### RECORDS PROVIDED
======

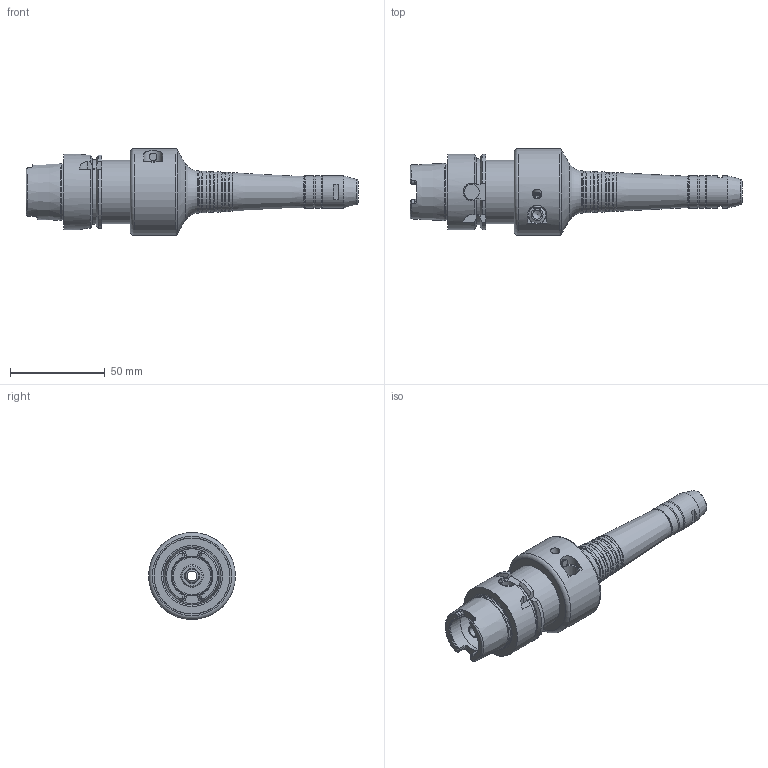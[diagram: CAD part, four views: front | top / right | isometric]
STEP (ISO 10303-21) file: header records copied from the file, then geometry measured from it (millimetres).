
FILE_DESCRIPTION((''),'2;1');
FILE_NAME('577013606155 HSK40A-PHC06SB-155-NC-3D.stp','2022-12-02T14:09:23',('nttooll'),(''),'Autodesk Inventor 2012','Autodesk Inventor 2012','');
FILE_SCHEMA(('AUTOMOTIVE_DESIGN { 1 0 10303 214 1 1 1 1 }'));
Length unit declared in the file: millimetre
Products named in the file (1): 577013606155 HSK40A-PHC06SB-155-NC-3D
Bounding box: 175 x 45.8 x 45.8 mm (x, y, z)
Volume: 103560.7 mm3; surface area: 25912.1 mm2
Topology: 1 solids, 1 shells, 240 faces, 556 edges, 338 vertices
Faces by surface type: plane 77, cylinder 68, cone 68, torus 26, revolution 1
Full cylindrical faces by diameter (mm): 0.7 x2, 2.309 x2, 4 x2, 4.1 x1, 4.619 x2, 5 x4, 6 x2, 6.397 x1, 6.8 x2, 7.5 x1, 8 x2, 9 x2, 12 x2, 17 x3, 21 x1, 21.8 x1, 25.5 x1, 29.8 x1, 33.5 x1, 40 x1, 45.8 x1
Entity records: 6565 total; most frequent: CARTESIAN_POINT 1536, DIRECTION 1092, ORIENTED_EDGE 884, AXIS2_PLACEMENT_3D 474, EDGE_CURVE 442, EDGE_LOOP 366, VERTEX_POINT 324, FACE_OUTER_BOUND 240
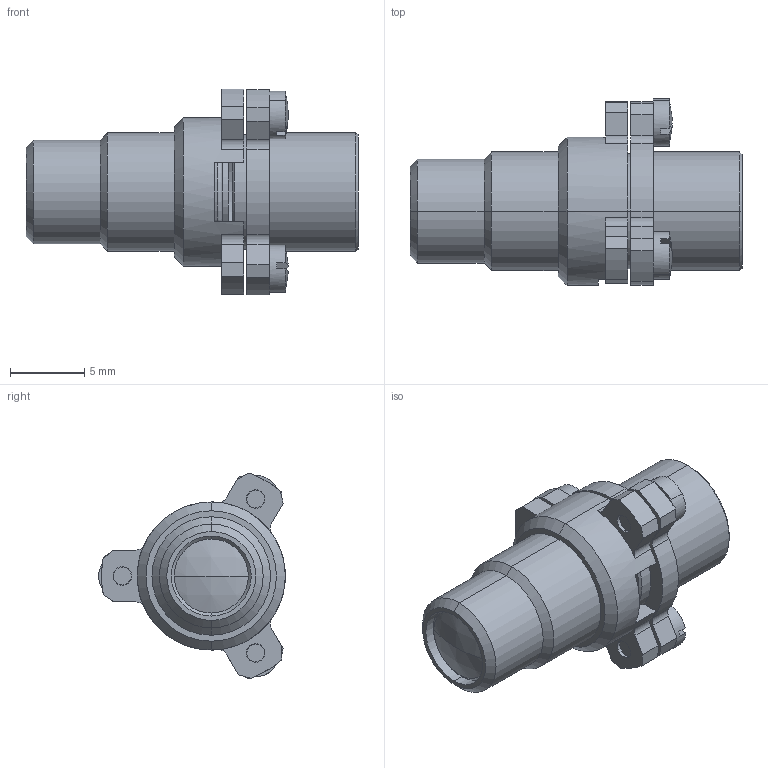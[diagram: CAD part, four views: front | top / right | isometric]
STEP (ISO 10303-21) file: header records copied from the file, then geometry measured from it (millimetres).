
FILE_DESCRIPTION (( 'STEP AP203' ), '1' );
FILE_NAME ('Microscope-00.STEP', '2023-03-07T12:51:42', ( '' ), ( '' ), 'SwSTEP 2.0', 'SolidWorks 2018', '' );
FILE_SCHEMA (( 'CONFIG_CONTROL_DESIGN' ));
Length unit declared in the file: millimetre
Products named in the file (1): Microscope-00
Bounding box: 22.41 x 12.6 x 13.9 mm (x, y, z)
Surface area: 1280 mm2 (no closed solid volume)
Topology: 0 solids, 13 shells, 164 faces, 440 edges, 295 vertices
Faces by surface type: plane 63, cylinder 58, cone 29, sphere 10, torus 4
Entity records: 5301 total; most frequent: DIRECTION 988, CARTESIAN_POINT 930, ORIENTED_EDGE 816, EDGE_CURVE 440, AXIS2_PLACEMENT_3D 393, VERTEX_POINT 295, CIRCLE 228, LINE 202

======

All of the material above should be output exactly, with the pictures left behind.

[diagram: CAD part, four views: front | top / right | isometric]
STEP (ISO 10303-21) file: header records copied from the file, then geometry measured from it (millimetres).
FILE_DESCRIPTION((''),'2;1');
FILE_NAME('577013606155 HSK40A-PHC06SB-155-NC-3D.stp','2022-12-02T14:09:23',('nttooll'),(''),'Autodesk Inventor 2012','Autodesk Inventor 2012','');
FILE_SCHEMA(('AUTOMOTIVE_DESIGN { 1 0 10303 214 1 1 1 1 }'));
Length unit declared in the file: millimetre
Products named in the file (1): 577013606155 HSK40A-PHC06SB-155-NC-3D
Bounding box: 175 x 45.8 x 45.8 mm (x, y, z)
Volume: 103560.7 mm3; surface area: 25912.1 mm2
Topology: 1 solids, 1 shells, 240 faces, 556 edges, 338 vertices
Faces by surface type: plane 77, cylinder 68, cone 68, torus 26, revolution 1
Full cylindrical faces by diameter (mm): 0.7 x2, 2.309 x2, 4 x2, 4.1 x1, 4.619 x2, 5 x4, 6 x2, 6.397 x1, 6.8 x2, 7.5 x1, 8 x2, 9 x2, 12 x2, 17 x3, 21 x1, 21.8 x1, 25.5 x1, 29.8 x1, 33.5 x1, 40 x1, 45.8 x1
Entity records: 6565 total; most frequent: CARTESIAN_POINT 1536, DIRECTION 1092, ORIENTED_EDGE 884, AXIS2_PLACEMENT_3D 474, EDGE_CURVE 442, EDGE_LOOP 366, VERTEX_POINT 324, FACE_OUTER_BOUND 240
[diagram: CAD part, four views: front | top / right | isometric]
STEP (ISO 10303-21) file: header records copied from the file, then geometry measured from it (millimetres).
FILE_DESCRIPTION (( 'STEP AP203' ), '1' );
FILE_NAME ('Microscope-00.STEP', '2023-03-07T12:51:42', ( '' ), ( '' ), 'SwSTEP 2.0', 'SolidWorks 2018', '' );
FILE_SCHEMA (( 'CONFIG_CONTROL_DESIGN' ));
Length unit declared in the file: millimetre
Products named in the file (1): Microscope-00
Bounding box: 22.41 x 12.6 x 13.9 mm (x, y, z)
Surface area: 1280 mm2 (no closed solid volume)
Topology: 0 solids, 13 shells, 164 faces, 440 edges, 295 vertices
Faces by surface type: plane 63, cylinder 58, cone 29, sphere 10, torus 4
Entity records: 5301 total; most frequent: DIRECTION 988, CARTESIAN_POINT 930, ORIENTED_EDGE 816, EDGE_CURVE 440, AXIS2_PLACEMENT_3D 393, VERTEX_POINT 295, CIRCLE 228, LINE 202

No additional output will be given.